São Paulo tem última prestação de contas da gestão de Júlio Casares reprovada.
Foto: Taba Benedicto/Estadão / Estadão

Em um caso mais grave, o São Paulo poderia ser excluído do Programa de Modernização da Gestão e de Responsabilidade Fiscal do Futebol Brasileiro (Profut). O programa permite que clubes parcelem dívidas fiscais ou trabalhistas com a União em até 240 meses.

Já para o ex-presidente Júlio Casares, há outras consequências. A partir da reprovação, conselheiros podem abrir um processo que acuse Casares de gestão temerária. Isso pode levar até mesmo à exclusão do ex-dirigente do clube.

Os valores não declarados fazem parte de uma investigação da força-tarefa composta por Polícia Civil e Ministério Público de São Paulo (MP-SP). Um dos inquéritos sobre o clube levantou suspeitas sobre R$ 11 milhões sacados em contas do São Paulo na gestão Casares.

Os R$ 4 milhões justificados são referentes a gastos com arbitragem e pagamento de "bicho" a jogadores. Era isso que a defesa de Júlio Casares havia apontado em janeiro, quando as investigações se tornaram conhecidas publicamente.

Internamente, os saques também são citados em relatório produzido por Paulo Affonseca de Barros Faria Neto, integrante do Conselho Fiscal do São Paulo. Ele havia recomendado a rejeição das contas do exercício de 2025.

Faturamento recorde e redução do endividamento não impediram reprovação

Apesar do "buraco" na prestação de contas, o São Paulo teve um exercício melhor em 2025 do que no ano anterior. O clube bateu recorde de faturamento, com R$ 1 bilhão, e reduziu a dívida em R$ 100 milhões.

O débito são-paulino ficou em R$ 858,2 milhões, reduzindo o valor de R$ 968,2 milhões de 2024. Houve, porém, aumento nas despesas, que foram de R$ 908 milhões (2024) para R$ 943 milhões (2025).

Em 2024, o São Paulo lançou um fundo de dívida (FIDC), visando à amortização da dívida do clube com instituições financeiras. O débito é "substituído", mas com juros menores.

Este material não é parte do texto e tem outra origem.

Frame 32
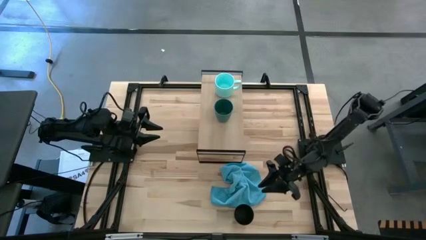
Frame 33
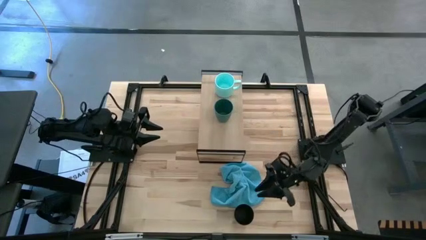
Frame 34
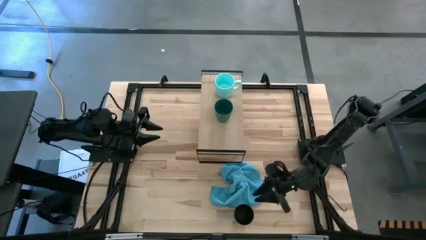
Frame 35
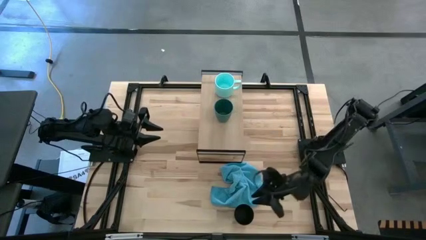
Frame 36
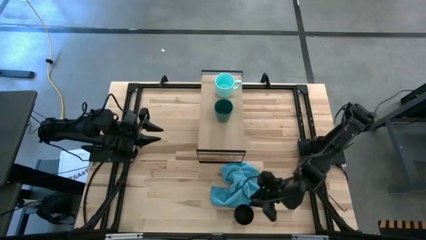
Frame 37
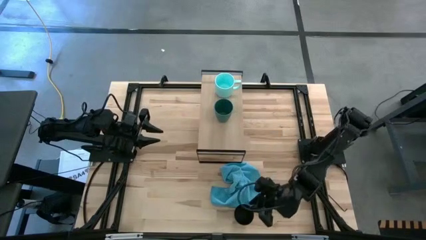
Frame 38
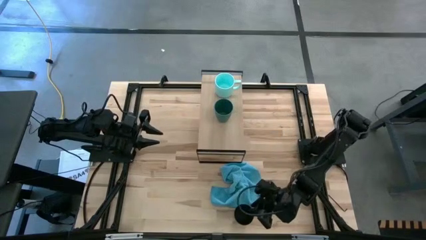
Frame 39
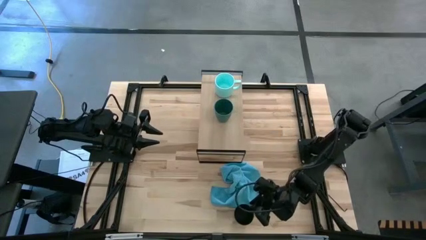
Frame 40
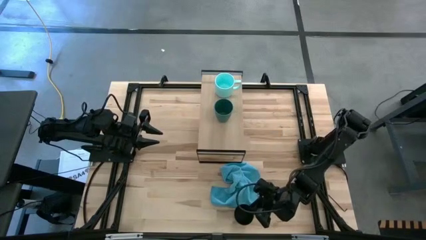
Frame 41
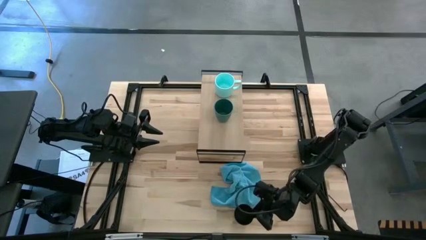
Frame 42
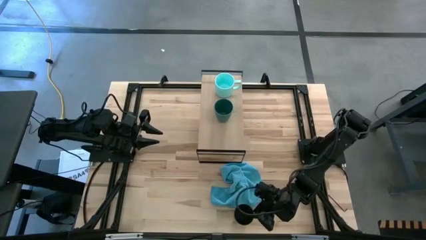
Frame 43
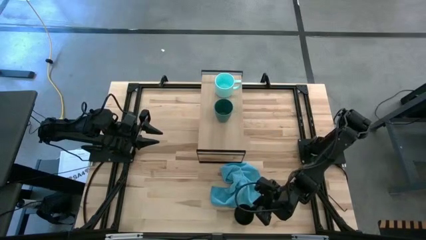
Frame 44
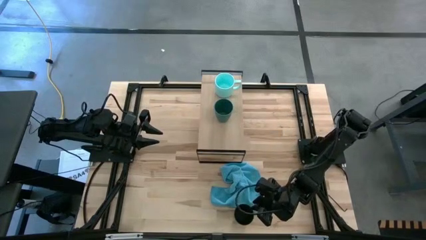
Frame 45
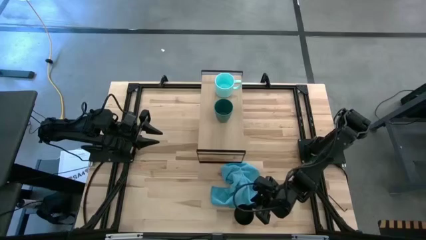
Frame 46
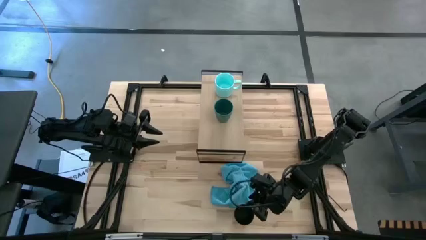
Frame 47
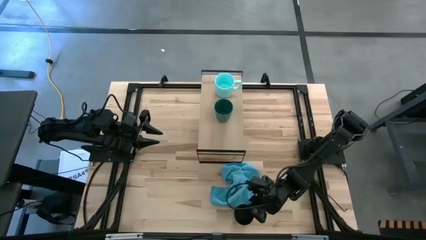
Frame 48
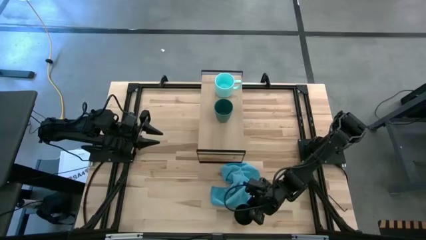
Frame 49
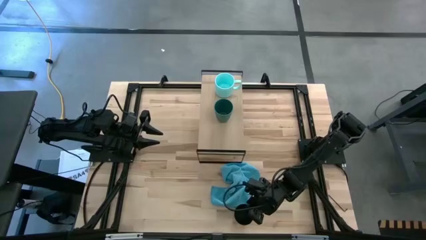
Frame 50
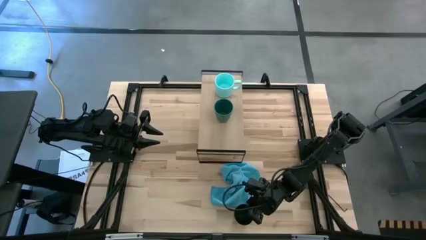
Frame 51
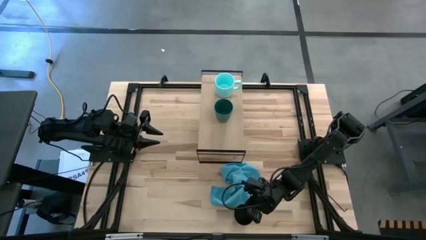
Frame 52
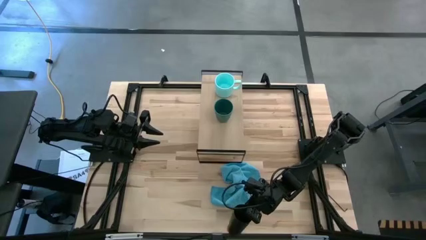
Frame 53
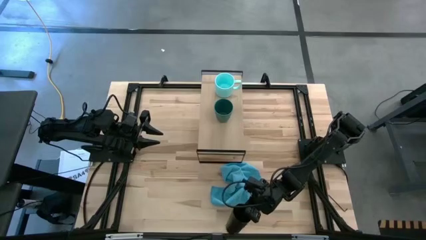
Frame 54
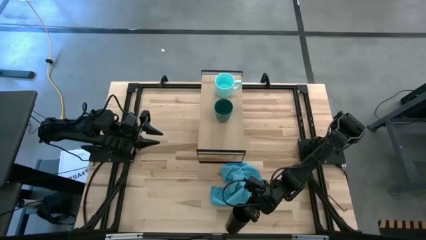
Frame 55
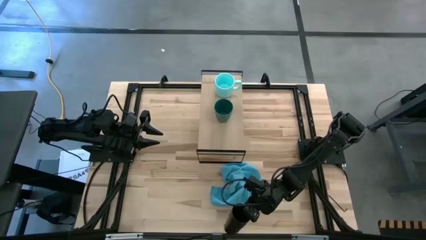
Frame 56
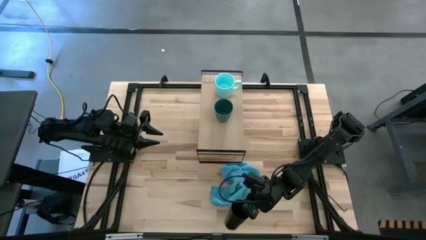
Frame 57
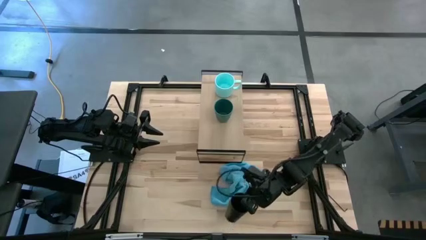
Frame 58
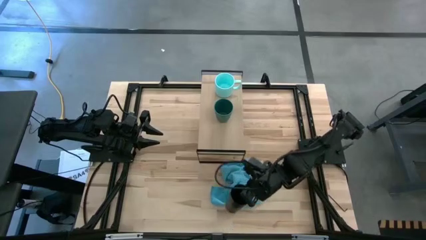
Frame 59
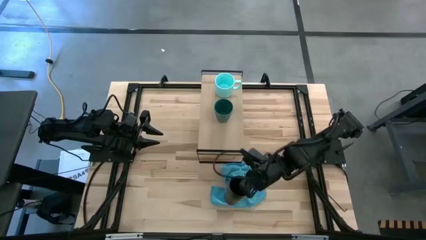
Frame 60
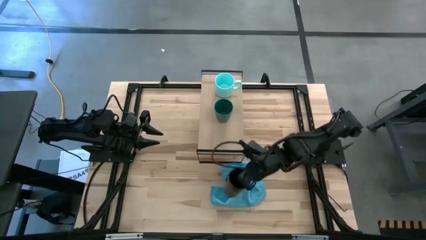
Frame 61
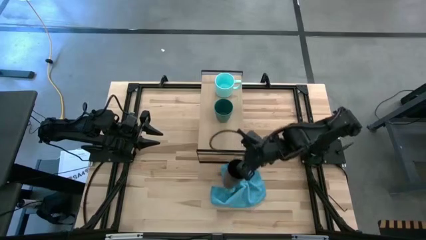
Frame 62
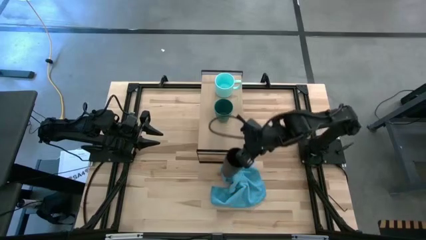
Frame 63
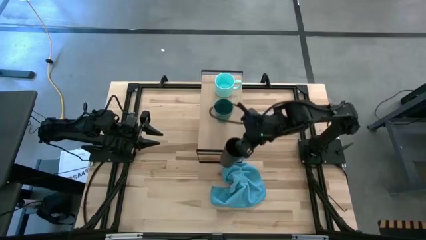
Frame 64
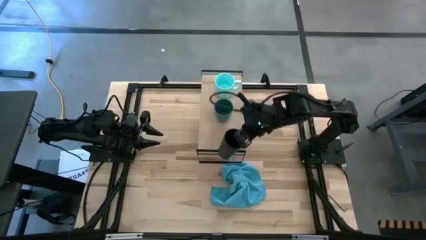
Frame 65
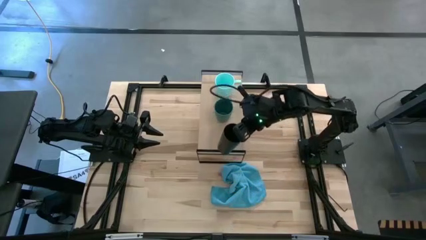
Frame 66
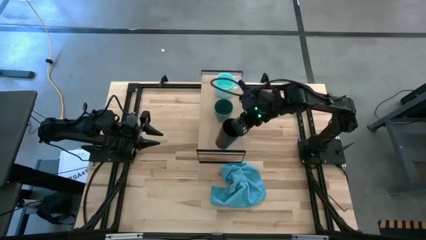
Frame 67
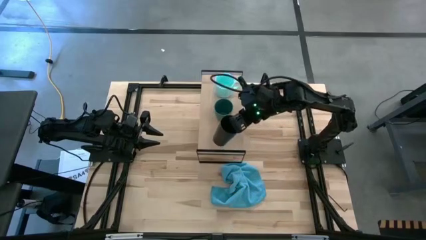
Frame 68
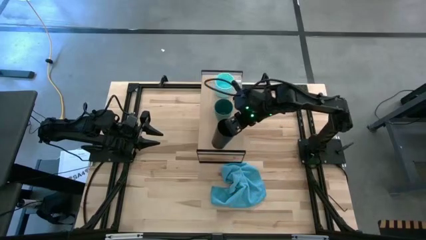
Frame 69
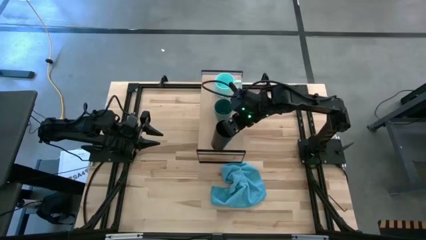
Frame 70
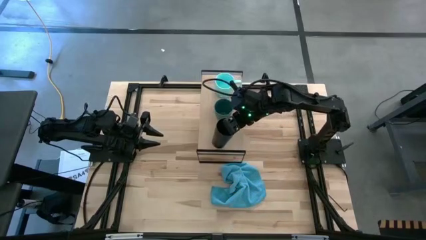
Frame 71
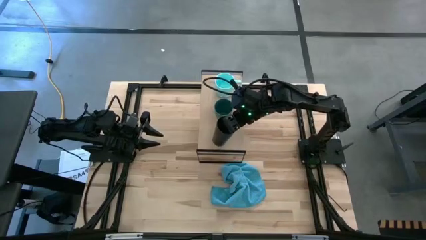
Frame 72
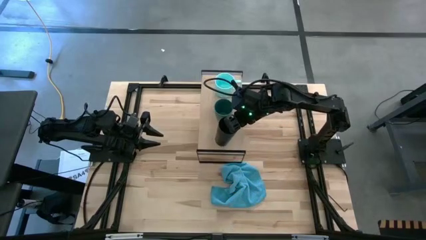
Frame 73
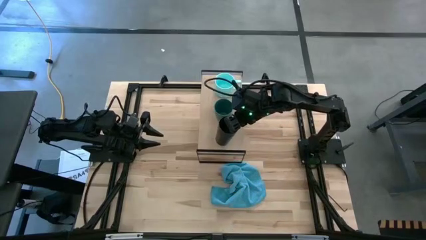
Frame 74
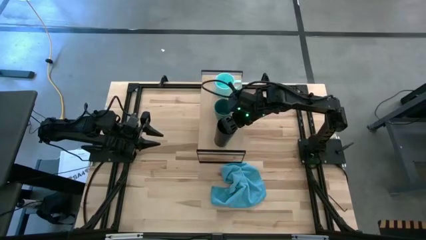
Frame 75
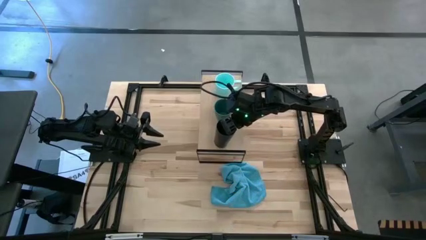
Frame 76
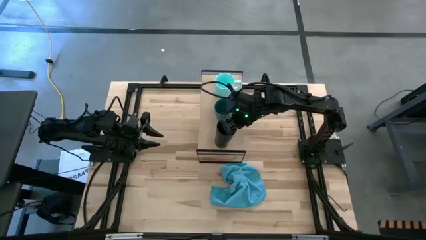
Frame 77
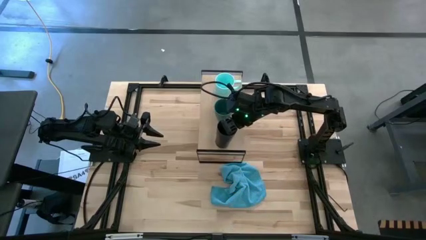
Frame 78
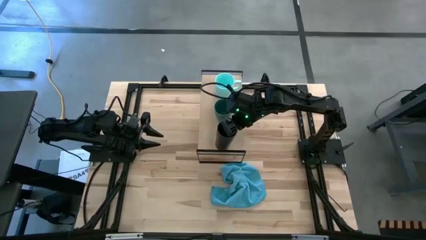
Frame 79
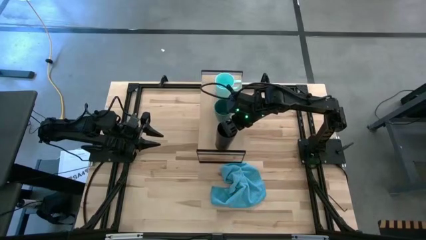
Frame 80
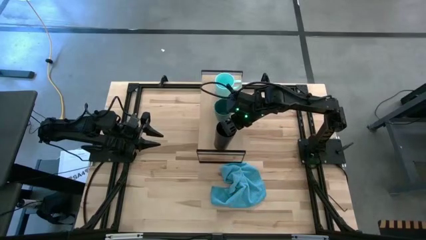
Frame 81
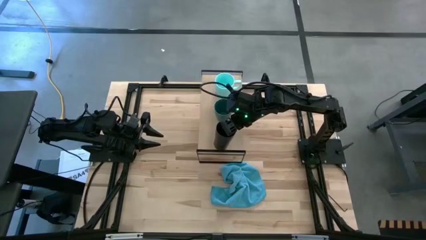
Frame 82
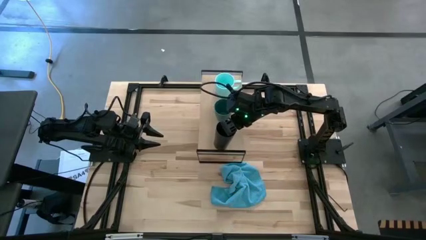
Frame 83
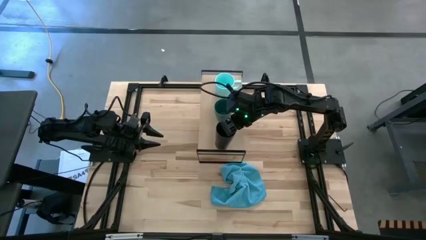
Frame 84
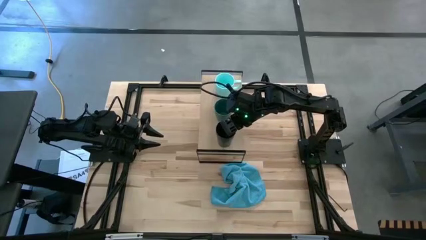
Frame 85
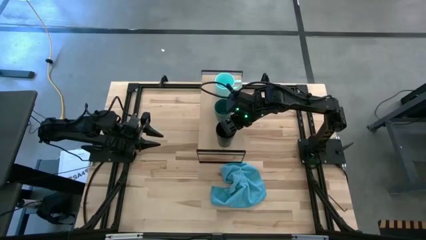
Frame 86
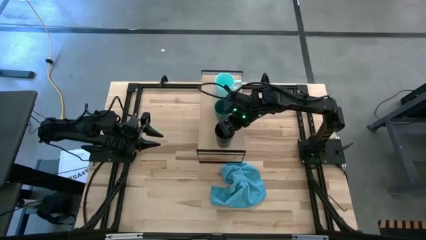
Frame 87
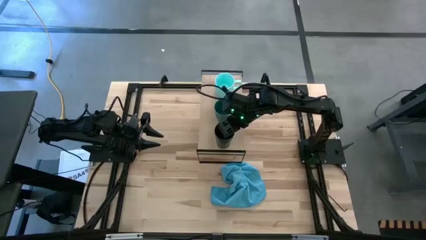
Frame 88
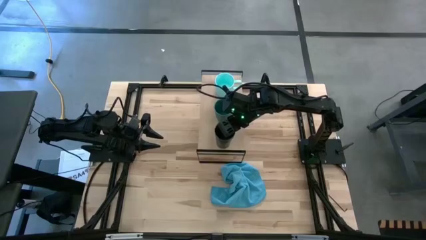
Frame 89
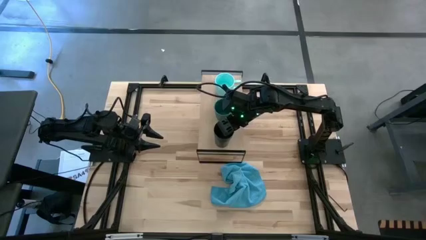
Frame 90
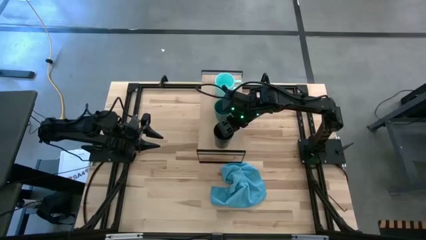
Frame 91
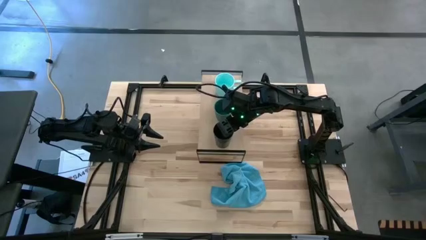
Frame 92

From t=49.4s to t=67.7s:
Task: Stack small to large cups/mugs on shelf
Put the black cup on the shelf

Uma das regras do fundo era que o clube deveria ter superávit no exercício. No balanço de 2024, mesmo com déficit, foram consideradas receitas ainda a receber, diminuindo a dívida daquele ano.

O planejamento financeiro do próximo exercício (2026) prevê novo superávit, apesar de sucessivos déficits mensais. O orçamento é dependente da venda de jogadores (cerca de 40% da previsão de receita de R$ 931,8 milhões).

A gestão de Harry Massis Júnior trabalha com readequações no clube para economizar. Não havia como refazer o orçamento aprovado em 2025. O São Paulo já anunciou um movimento de equilíbrio financeiro, conforme o Estadão havia antecipado.